AS_OF_DATE,FX_DAILY_AVG_CAD
<chr>,<dbl>
2018-02-20,1.3227


16. Create a view of the crop data with an FX column included

In [105]:
dbGetQuery (con, "SELECT CD_ID, YEAR, CROP_TYPE, GEO, SEEDED_AREA, HARVESTED_AREA, PRODUCTION, AVG_YIELD, FXUSDCAD
FROM CROP_DATA, DAILY_FX
WHERE strftime('%Y', CROP_DATA. YEAR) = strftime('%Y', DAILY_FX.DATE) and strftime('%m',
CROP_DATA. YEAR) = strftime('%m', DAILY_FX.DATE) LIMIT 5")
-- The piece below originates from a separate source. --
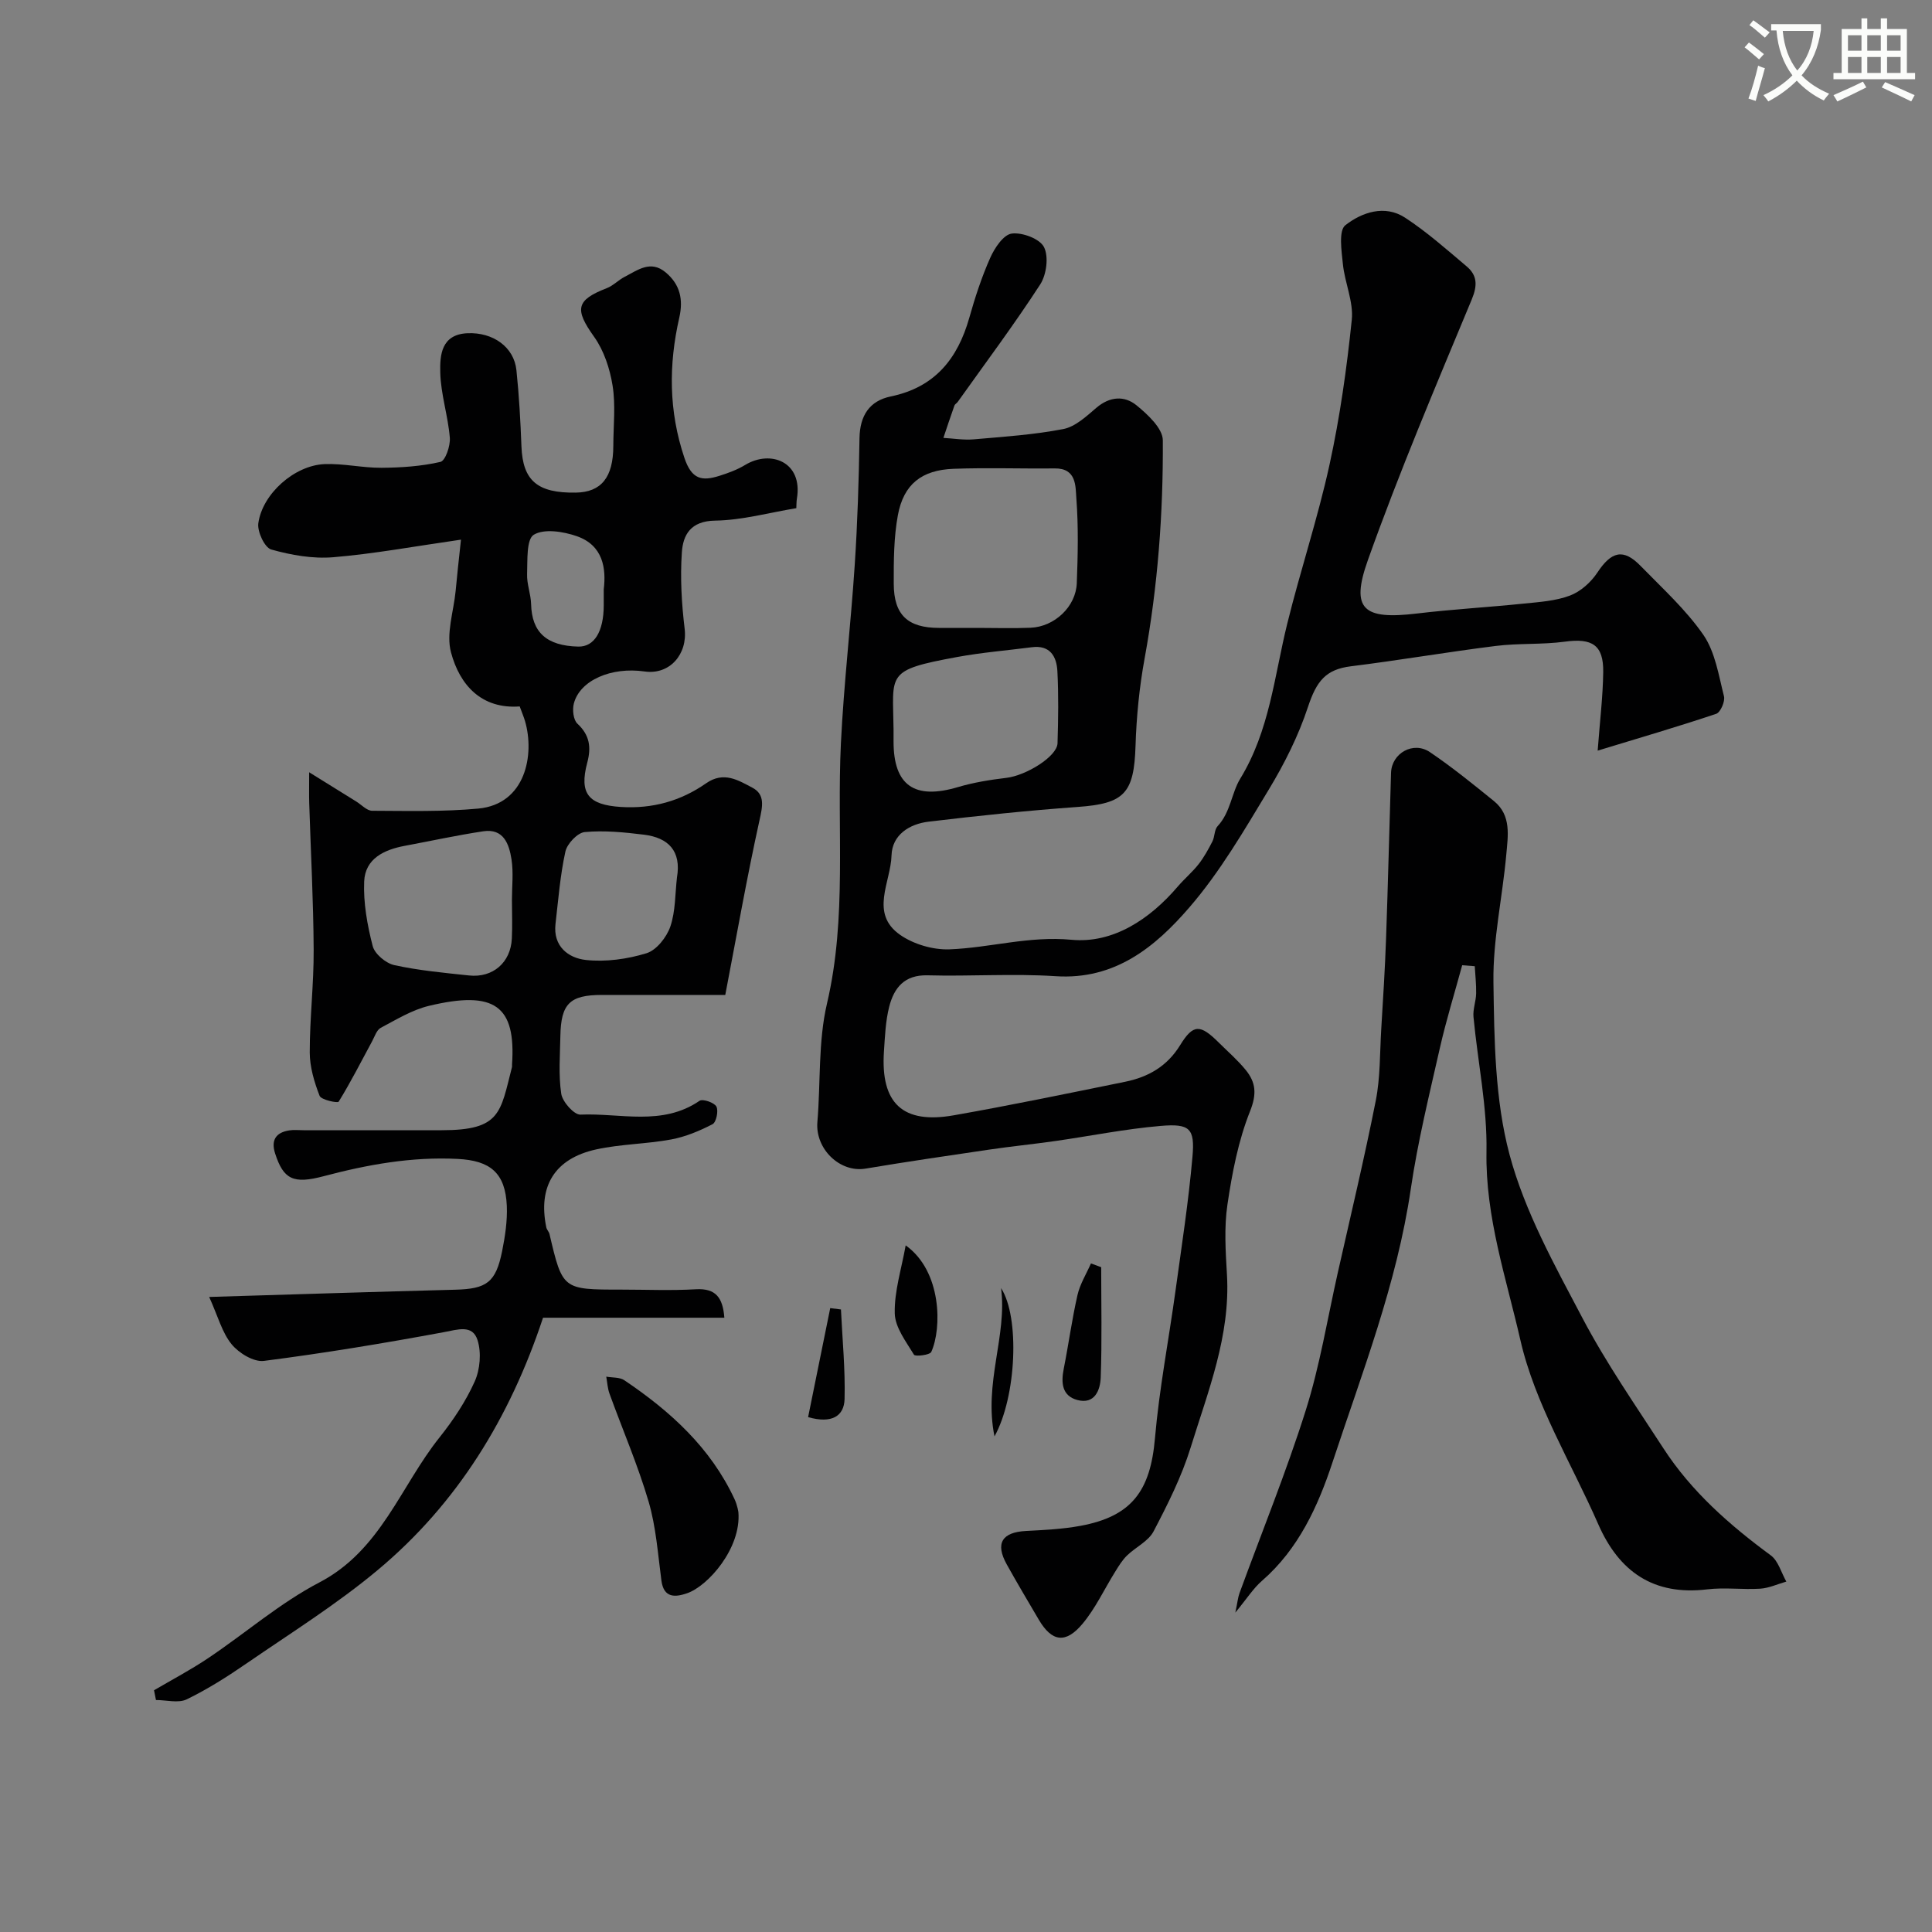 <svg enable-background="new 0 0 400 400" viewBox="0 0 400 400" xmlns="http://www.w3.org/2000/svg"><rect x="0" y="0" width="400" height="400" fill="#808080" stroke="none"/><path d="m362.1 8.8c1.1.8 2.1 1.6 3.1 2.4l-1 1.1c-1.3-1.1-2.3-2-3-2.5zm1.9 4.8c.5.2.9.4 1.4.5-.6 2.3-1.3 4.5-1.9 6.8l-1.5-.5c.8-2.1 1.4-4.3 2-6.8zm-1-9.4c1.3.9 2.4 1.8 3.4 2.5l-1 1.1c-1.4-1.2-2.4-2.1-3.2-2.6zm3.7 2.2v-1.4h10.3v1.2c-.5 3.6-1.8 6.8-4 9.4 1.5 1.6 3.4 2.8 5.7 3.8-.3.4-.7.8-1.1 1.4-2.3-1.1-4.1-2.5-5.6-4.1-1.6 1.6-3.6 3.1-5.9 4.3-.3-.5-.7-.9-1-1.3 2.4-1.1 4.4-2.5 6-4.1-1.9-2.5-3-5.6-3.3-9.3h-1.1zm8.8 0h-6.4c.3 3.3 1.3 6 3 8.2 2-2.2 3.1-5.1 3.4-8.2z" fill="#fbfcfa"/><path d="m385.3 3.8h1.3v2.2h2.8v-2.2h1.3v2.2h4.1v9.1h1.7v1.3h-16.9v-1.3h1.7v-9.1h4.1v-2.2zm.4 13.1.7 1.2c-1.8.9-3.8 1.9-6 2.9-.2-.4-.5-.8-.8-1.3 2.3-1 4.3-1.9 6.1-2.8zm-3.1-6.4h2.8v-3.2h-2.8zm0 4.6h2.8v-3.3h-2.8zm4-4.6h2.8v-3.2h-2.8zm0 4.6h2.8v-3.3h-2.8zm3.7 1.9c2.1.9 4.1 1.8 6.1 2.7l-.7 1.3c-2.2-1.1-4.2-2-6.1-2.9zm3.2-9.7h-2.8v3.2h2.8zm-2.8 7.8h2.8v-3.3h-2.8z" fill="#fbfcfa"/><g fill="#010102"><path d="m330.78 155.41c.46-6.11 1.08-11.17 1.15-16.25.08-5.63-2.29-7.08-7.94-6.31-4.73.64-9.6.29-14.34.89-10.01 1.25-19.97 2.97-29.98 4.21-5.18.65-7.09 3.04-8.87 8.42-1.97 5.97-4.87 11.75-8.14 17.15-5.06 8.37-10.04 16.97-16.39 24.32-7.06 8.19-15.42 15.09-27.73 14.27-8.79-.58-17.66.06-26.49-.18-4.81-.13-6.95 2.59-7.95 6.5-.76 2.99-.88 6.17-1.09 9.27-.71 10.74 3.88 15.08 14.47 13.21 11.86-2.09 23.66-4.54 35.46-6.94 4.77-.97 8.69-3.18 11.4-7.59 2.72-4.42 4.17-4.33 8-.52 1.89 1.88 3.93 3.64 5.6 5.7 2.05 2.54 2.3 4.91.88 8.48-2.44 6.11-3.72 12.79-4.69 19.34-.71 4.76-.38 9.72-.1 14.56.73 12.63-3.93 24.13-7.53 35.79-1.86 6-4.74 11.74-7.67 17.33-1.08 2.05-3.71 3.26-5.49 4.99-.98.95-1.72 2.17-2.45 3.35-2.25 3.6-4.06 7.55-6.75 10.77-3.53 4.23-6.38 3.74-9.08-.85-2.23-3.79-4.48-7.58-6.62-11.42-2.43-4.36-1-6.67 3.98-6.93 3.77-.2 7.57-.38 11.27-1.06 10.62-1.96 14.49-7.23 15.43-18.12.89-10.24 2.86-20.39 4.26-30.59 1.27-9.23 2.7-18.46 3.51-27.74.51-5.84-.55-6.87-6.6-6.35-7.31.62-14.55 2.09-21.83 3.13-4.54.65-9.1 1.1-13.63 1.77-8.56 1.26-17.11 2.51-25.64 3.94-5.29.88-10.42-4.06-9.96-9.64.69-8.19.14-16.64 1.99-24.54 4.19-17.88 2.01-35.91 2.88-53.86.6-12.32 2.05-24.6 2.86-36.91.58-8.75.85-17.53.99-26.3.08-4.64 2.06-7.71 6.47-8.62 9.1-1.88 13.85-7.77 16.26-16.28 1.19-4.22 2.56-8.43 4.34-12.43.9-2.03 2.74-4.79 4.45-5.01 2.17-.29 5.81 1.07 6.68 2.8 1 1.99.52 5.7-.78 7.72-5.39 8.31-11.34 16.26-17.09 24.34-.19.27-.57.45-.67.73-.79 2.23-1.54 4.47-2.29 6.71 2.09.12 4.21.48 6.28.3 6.2-.54 12.46-.95 18.55-2.13 2.48-.48 4.78-2.64 6.84-4.4 2.78-2.37 5.81-2.56 8.32-.51 2.32 1.9 5.42 4.77 5.44 7.23.09 15.13-1.04 30.22-3.77 45.17-1.09 5.95-1.69 12.04-1.88 18.09-.31 9.86-2.3 11.97-11.98 12.66-10.31.74-20.61 1.82-30.87 3.05-3.96.47-7.55 2.72-7.67 7-.15 5.53-4.58 11.99 1.78 16.43 2.79 1.95 6.82 3.13 10.23 3 8.4-.32 16.44-2.81 25.25-1.98 8.59.81 16.21-4.23 22.02-11.04 1.36-1.59 2.99-2.95 4.28-4.59 1.13-1.44 2.03-3.08 2.87-4.72.51-.99.39-2.43 1.08-3.17 2.67-2.84 2.91-6.93 4.67-9.8 6.1-9.98 7.06-21.19 9.73-32.04 2.72-11.05 6.34-21.88 8.77-32.99 2.16-9.87 3.57-19.94 4.61-29.99.39-3.74-1.45-7.67-1.84-11.56-.28-2.73-.91-6.93.51-8.04 3.4-2.66 8.14-4.32 12.37-1.56 4.51 2.95 8.59 6.57 12.72 10.06 2.21 1.86 2.31 3.91 1.08 6.87-7.44 17.89-15.02 35.75-21.51 53.98-3.64 10.22-.93 12.37 10.17 11.04 7.34-.88 14.74-1.29 22.09-2.05 3.24-.33 6.61-.54 9.6-1.67 2.19-.83 4.32-2.74 5.64-4.73 2.91-4.41 5.38-5.09 8.96-1.41 4.5 4.62 9.38 9.04 13.01 14.29 2.44 3.55 3.16 8.36 4.26 12.7.27 1.06-.72 3.34-1.61 3.64-7.87 2.64-15.79 4.95-24.54 7.62zm-128.39-25.41c3.65 0 7.31.12 10.96-.03 4.97-.2 9.41-4.36 9.59-9.25.22-5.83.35-11.69-.09-17.49-.19-2.53.08-6.3-4.48-6.25-6.98.08-13.96-.18-20.93.08-6.61.24-10.35 3.19-11.54 9.58-.86 4.64-.87 9.48-.86 14.22.02 6.48 2.92 9.13 9.36 9.14zm-17.39 21.04v2.49c0 9.11 4.35 12.1 13.33 9.43 3.24-.96 6.64-1.51 10.01-1.91 4.15-.49 10.53-4.44 10.61-7.17.15-4.98.23-9.97-.03-14.94-.16-3.01-1.51-5.43-5.28-4.94-5.17.67-10.38 1.09-15.49 2.03-14.92 2.74-13.27 3.4-13.15 15.01z"/><path d="m95.44 111.73c-9.69 1.39-18.04 2.94-26.46 3.64-4.23.35-8.7-.44-12.82-1.6-1.36-.38-2.91-3.69-2.68-5.42.84-6.13 7.51-12.01 13.71-12.26 3.91-.16 7.87.79 11.8.76 4.09-.03 8.25-.31 12.2-1.22 1.02-.24 2.08-3.33 1.94-5.01-.37-4.53-1.87-8.99-1.98-13.5-.09-3.59.2-7.89 5.64-8.13 5.28-.23 9.63 2.85 10.13 7.65.55 5.24.84 10.52 1.04 15.79.27 7.05 3.27 9.69 11.25 9.56 5.28-.08 7.76-3.16 7.77-9.68.01-4.17.5-8.41-.15-12.47-.56-3.5-1.79-7.25-3.82-10.1-4.06-5.69-3.81-7.59 2.62-10.08 1.34-.52 2.41-1.69 3.72-2.36 2.7-1.38 5.37-3.53 8.5-.88 2.97 2.5 3.64 5.61 2.79 9.34-2.22 9.75-2.21 19.32 1.06 29.04 1.51 4.5 3.65 4.84 7.2 3.73 1.85-.58 3.73-1.27 5.38-2.27 5.29-3.2 11.98-.63 10.71 6.97-.11.65-.08 1.33-.12 1.98-5.64.93-11.23 2.5-16.84 2.58-5.03.08-6.62 2.94-6.86 6.59-.36 5.24-.05 10.58.58 15.81.63 5.26-3.1 9.58-8.3 8.83-6.9-.99-13.38 1.82-14.64 6.63-.34 1.28-.11 3.4.74 4.18 2.55 2.37 2.88 4.9 2.04 8.05-1.74 6.49.31 8.76 6.92 9.19 6.57.42 12.43-1.23 17.67-4.89 3.67-2.57 6.68-.62 9.57.89 2.72 1.42 2.12 3.92 1.49 6.78-2.61 11.83-4.71 23.78-7.08 36.14-8.3 0-16.94-.01-25.57 0-6.61.01-8.45 1.81-8.57 8.49-.07 4-.41 8.06.18 11.97.25 1.67 2.65 4.37 3.97 4.32 8.25-.36 16.92 2.44 24.66-2.86.66-.45 3.05.36 3.49 1.19.47.89-.03 3.25-.79 3.65-2.69 1.39-5.6 2.61-8.56 3.16-5.13.95-10.44.95-15.52 2.06-8.63 1.89-12.11 7.67-10.34 16.16.1.47.53.87.65 1.34 2.71 11.53 2.71 11.53 14.81 11.53 5.17 0 10.34.23 15.49-.07 4.17-.24 5.59 1.76 5.91 5.89-12.6 0-25.01 0-37.54 0-6.85 20.69-17.74 38.48-34.24 52.25-8.49 7.09-17.96 13.01-27.09 19.29-3.98 2.74-8.11 5.37-12.44 7.47-1.74.84-4.23.14-6.37.14-.13-.67-.26-1.35-.4-2.02 3.75-2.2 7.61-4.23 11.21-6.65 7.72-5.18 14.86-11.41 23.03-15.68 12.73-6.65 16.78-19.89 24.87-30.02 2.83-3.55 5.43-7.45 7.28-11.57 1.12-2.5 1.41-5.99.59-8.57-1.04-3.29-4.1-2.18-7.03-1.64-12.34 2.29-24.75 4.34-37.2 5.94-2.11.27-5.2-1.62-6.69-3.45-1.97-2.41-2.81-5.74-4.64-9.79 17.62-.53 34.28-1.07 50.95-1.5 6.47-.17 8.38-1.48 9.69-7.93.62-3.09 1.11-6.29.98-9.42-.3-6.86-3.44-9.39-10.19-9.73-9.49-.48-18.64 1.17-27.73 3.58-6.26 1.66-8.32.68-10.05-4.71-.88-2.73.13-4.33 2.9-4.77.98-.16 2-.04 3-.04h28.6c12.21 0 12.12-3.62 14.54-13.07.04-.16 0-.33.01-.5.83-12.19-3.56-15.45-17.2-12.18-3.5.84-6.75 2.84-9.98 4.55-.85.45-1.26 1.8-1.79 2.79-2.27 4.19-4.42 8.45-6.92 12.5-.21.34-3.62-.37-3.95-1.21-1.1-2.83-2.03-5.95-2.04-8.95-.01-7.09.85-14.19.81-21.28-.05-10.13-.6-20.26-.92-30.4-.05-1.65-.01-3.29-.01-6.36 3.83 2.38 6.78 4.21 9.73 6.04 1.1.68 2.21 1.93 3.32 1.93 7.32.03 14.68.22 21.95-.45 9.84-.92 11.7-11.19 9.7-18.08-.27-.94-.67-1.84-1.11-3.07-7.86.58-12.41-4.36-14.23-11.21-1.03-3.86.54-8.41.96-12.65.26-2.91.59-5.82 1.11-10.67zm10.55 74.63c0-2.82.34-5.7-.09-8.45-.49-3.12-1.61-6.44-5.85-5.8-5.44.82-10.84 2-16.25 3.01-4.28.8-8.19 2.65-8.4 7.36-.19 4.45.64 9.04 1.76 13.38.42 1.65 2.73 3.58 4.48 3.96 5.07 1.11 10.29 1.59 15.47 2.14 4.94.53 8.63-2.69 8.86-7.64.13-2.64.03-5.3.02-7.96zm34.17-4.7c.93-5.48-1.78-8.23-6.85-8.85-4.06-.5-8.21-.91-12.25-.54-1.49.14-3.64 2.41-4 4.03-1.08 4.91-1.47 9.98-2.05 15-.53 4.64 2.67 7.05 6.27 7.45 4.12.45 8.58-.17 12.56-1.39 2.07-.63 4.17-3.3 4.94-5.51 1.09-3.18.98-6.77 1.38-10.19zm-15.16-59.66c.52-4.28-.11-9.1-5.61-11-2.78-.96-6.72-1.59-8.87-.29-1.56.94-1.29 5.3-1.39 8.15-.08 2.06.78 4.15.83 6.23.15 5.81 3.18 8.62 9.76 8.78 3.31.08 5.27-3.1 5.28-8.58 0-.82 0-1.65 0-3.29z"/><path d="m302.73 199.84c-1.55 5.71-3.31 11.37-4.62 17.14-2.19 9.68-4.58 19.36-6.02 29.17-2.88 19.65-10.08 38.02-16.23 56.67-2.97 9-7.01 17.89-14.57 24.46-1.81 1.57-3.13 3.69-5.53 6.59.47-2.22.55-3.16.86-4.01 4.61-12.62 9.69-25.09 13.73-37.89 2.92-9.26 4.48-18.94 6.62-28.45 2.67-11.87 5.51-23.71 7.87-35.65.95-4.81.83-9.84 1.13-14.78.38-6.26.78-12.53 1-18.8.41-11.43.67-22.86 1.03-34.29.13-4.07 4.61-6.61 8.05-4.28 4.6 3.11 8.93 6.63 13.25 10.13 3.66 2.96 2.9 7.21 2.56 11.09-.79 8.81-2.78 17.6-2.66 26.37.17 11.97.29 24.34 3.34 35.76 3.15 11.78 9.33 22.88 15.08 33.8 4.92 9.35 11 18.1 16.77 26.99 5.81 8.95 13.68 15.87 22.23 22.16 1.56 1.15 2.17 3.59 3.22 5.43-1.8.51-3.58 1.35-5.4 1.47-3.65.23-7.37-.3-10.98.14-11.11 1.33-18.24-3.64-22.56-13.49-5.56-12.68-13.11-24.9-16.13-38.16-2.9-12.72-7.25-25.42-7.01-38.97.17-9.27-1.81-18.58-2.69-27.89-.15-1.58.51-3.22.55-4.85.04-1.88-.18-3.77-.29-5.66-.86-.06-1.73-.13-2.6-.2z"/><path d="m152.88 313.11c.59 7.43-6.28 15.27-10.64 16.76-2.36.81-4.81 1.08-5.3-2.62-.73-5.48-1.11-11.09-2.65-16.35-2.23-7.58-5.39-14.89-8.09-22.33-.41-1.12-.47-2.36-.68-3.55 1.26.23 2.78.09 3.75.75 9.51 6.41 17.85 13.96 22.8 24.6.61 1.29.82 2.76.81 2.74z"/><path d="m227.99 262.36c0 7.62.18 15.25-.1 22.86-.1 2.58-1.24 5.61-4.86 4.63-3.16-.86-3.37-3.55-2.8-6.43 1.01-5.09 1.7-10.24 2.85-15.29.52-2.28 1.83-4.37 2.79-6.55.7.25 1.41.51 2.12.78z"/><path d="m187.51 257.84c7.53 5.36 7.5 17.24 5.3 22.06-.3.65-3.32 1-3.58.58-1.64-2.71-3.92-5.66-3.98-8.57-.11-4.55 1.38-9.13 2.26-14.07z"/><path d="m167.31 293.4c1.55-7.66 3.07-15.12 4.58-22.57.74.09 1.48.19 2.22.28.29 6.19.91 12.38.75 18.56-.1 3.49-2.61 5.15-7.55 3.73z"/><path d="m207.26 266.69c3.9 6 3.2 22.47-1.36 30.7-2.27-11.09 2.66-20.82 1.36-30.7z"/></g></svg>

CD_ID,YEAR,CROP_TYPE,GEO,SEEDED_AREA,HARVESTED_AREA,PRODUCTION,AVG_YIELD,FXUSDCAD
<int>,<chr>,<chr>,<chr>,<int>,<int>,<int>,<int>,<dbl>
624,2017-12-31,Barley,Alberta,1153400,1011700,3906000,3900,1.2729
624,2017-12-31,Barley,Alberta,1153400,1011700,3906000,3900,1.2695
624,2017-12-31,Barley,Alberta,1153400,1011700,3906000,3900,1.268
624,2017-12-31,Barley,Alberta,1153400,1011700,3906000,3900,1.2757
624,2017-12-31,Barley,Alberta,1153400,1011700,3906000,3900,1.2843


## IV. Key Findings

- Provinces Analyzed: Alberta, Saskatchewan, and Canada overall.
- High-Value Crops: Canola reached farm prices > $350.
- Top Yields: Wheat and Canola generally led in yield performance post-2000.
- Exchange Rate: Recent 3-year average USD to CAD ≈ 1.32 (varies by exact data).
- Unharvested Land: Alberta shows consistent percentage of seeded but not harvested Barley.
- Price Insights: CAD-to-USD conversion is vital for profitability estimates in USD terms.

## V. Recommendations

- Invest in High-Yield, High-Value Crops: Prioritize Canola and Wheat, especially in Saskatchewan and Alberta.
- Monitor Currency Fluctuations: Use monthly FX data to time large-scale purchases or contracts.
- Explore Yield Efficiency: Focus on crops consistently above 2000 kg/hectare post-2000.
- Data-Driven Contracts: Use the percentage of unharvested land to negotiate pricing margins.
- Scale Further with Time Series Forecasting: Predict yields & prices with models using R packages like forecast or prophet.